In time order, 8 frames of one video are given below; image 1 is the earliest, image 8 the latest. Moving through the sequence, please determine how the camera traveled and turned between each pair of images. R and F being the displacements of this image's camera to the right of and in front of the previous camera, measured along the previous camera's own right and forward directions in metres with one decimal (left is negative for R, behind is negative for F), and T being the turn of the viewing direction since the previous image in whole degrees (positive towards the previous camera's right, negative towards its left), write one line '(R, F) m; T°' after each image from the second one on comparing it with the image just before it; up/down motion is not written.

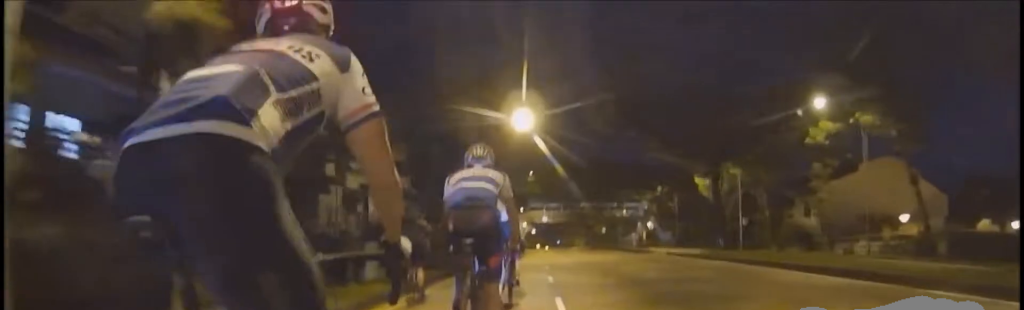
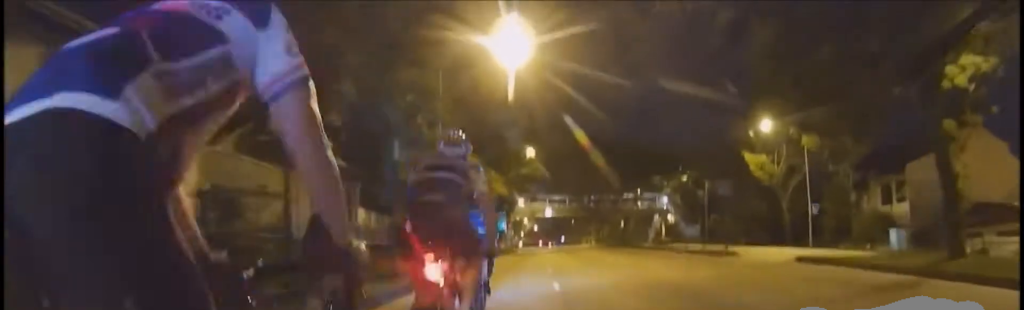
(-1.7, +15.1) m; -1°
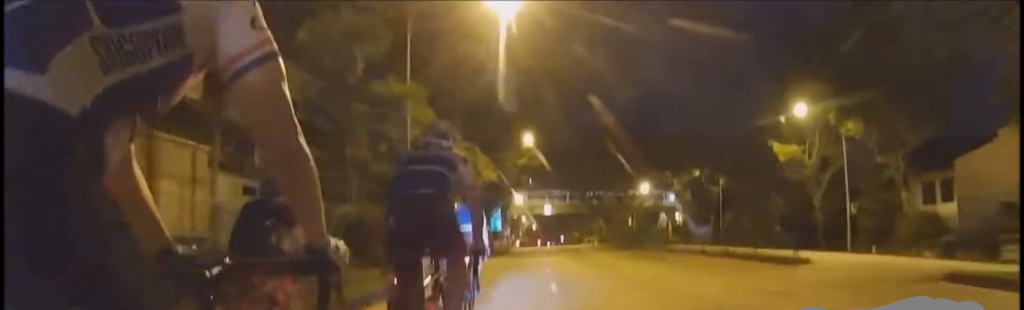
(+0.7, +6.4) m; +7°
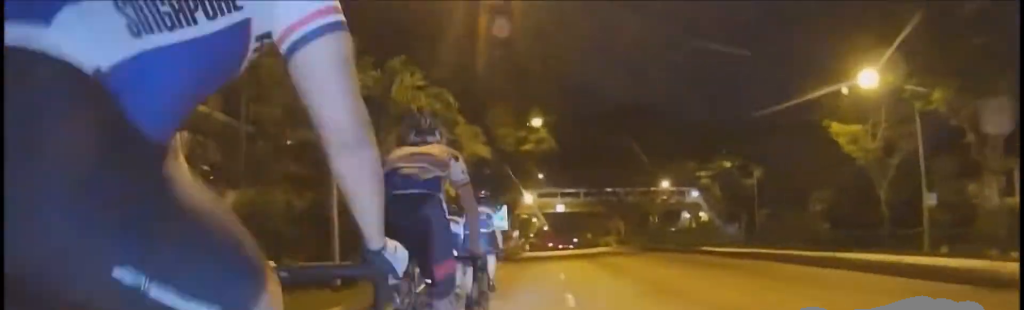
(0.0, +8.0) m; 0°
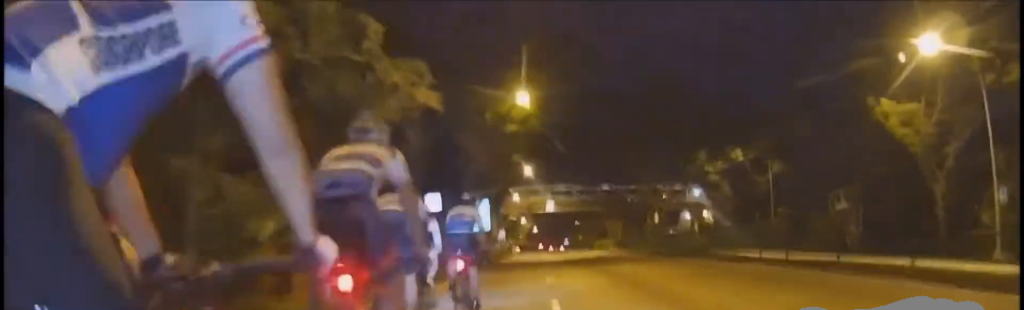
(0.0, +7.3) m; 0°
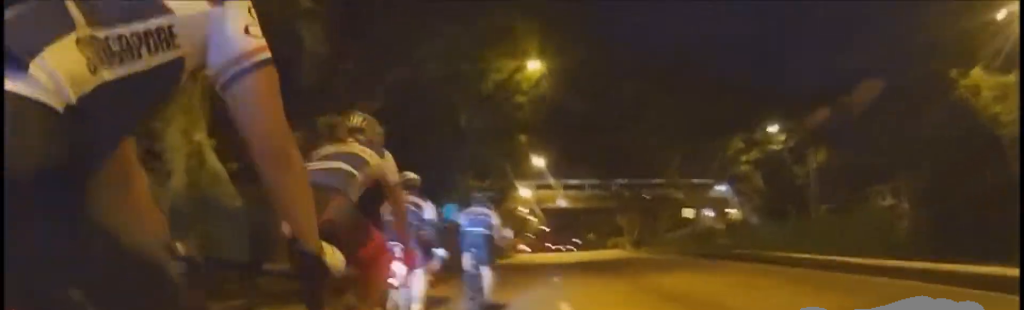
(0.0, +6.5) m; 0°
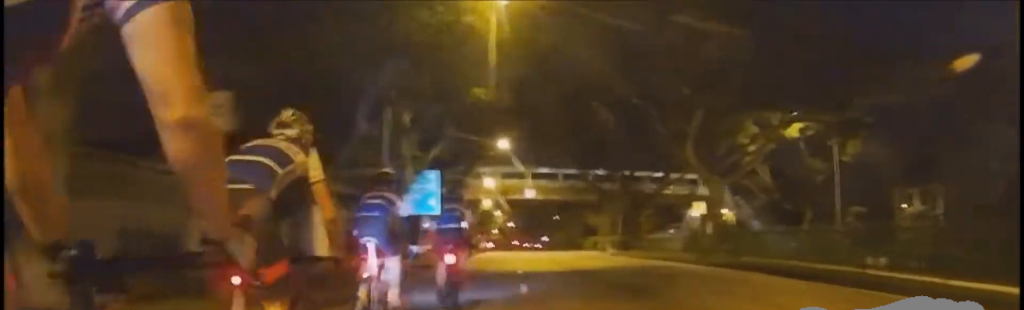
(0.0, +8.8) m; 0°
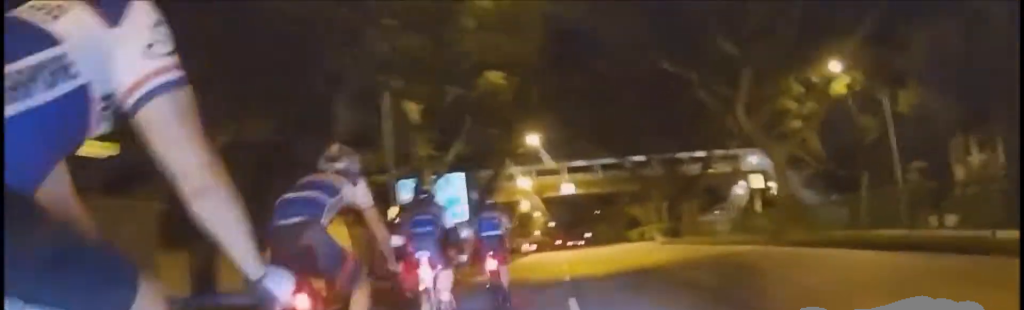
--- --- ---
Please retype the material in full, exactly as it reads, apart from the images.

In time order, 8 frames of one video are given below; image 1 is the earliest, image 8 the latest. Moving through the sequence, please determine how the camera traveled and turned between each pair of images. R and F being the displacements of this image's camera to the right of and in front of the previous camera, measured along the previous camera's own right and forward directions in metres with one decimal (left is negative for R, behind is negative for F), and T being the turn of the viewing direction since the previous image in whole degrees (positive towards the previous camera's right, negative towards its left), write one line '(R, F) m; T°' after each image from the second one on comparing it with the image just before it; up/down motion is not written.

(-1.7, +15.1) m; -1°
(+0.7, +6.4) m; +7°
(0.0, +8.0) m; 0°
(0.0, +7.3) m; 0°
(0.0, +6.5) m; 0°
(0.0, +8.8) m; 0°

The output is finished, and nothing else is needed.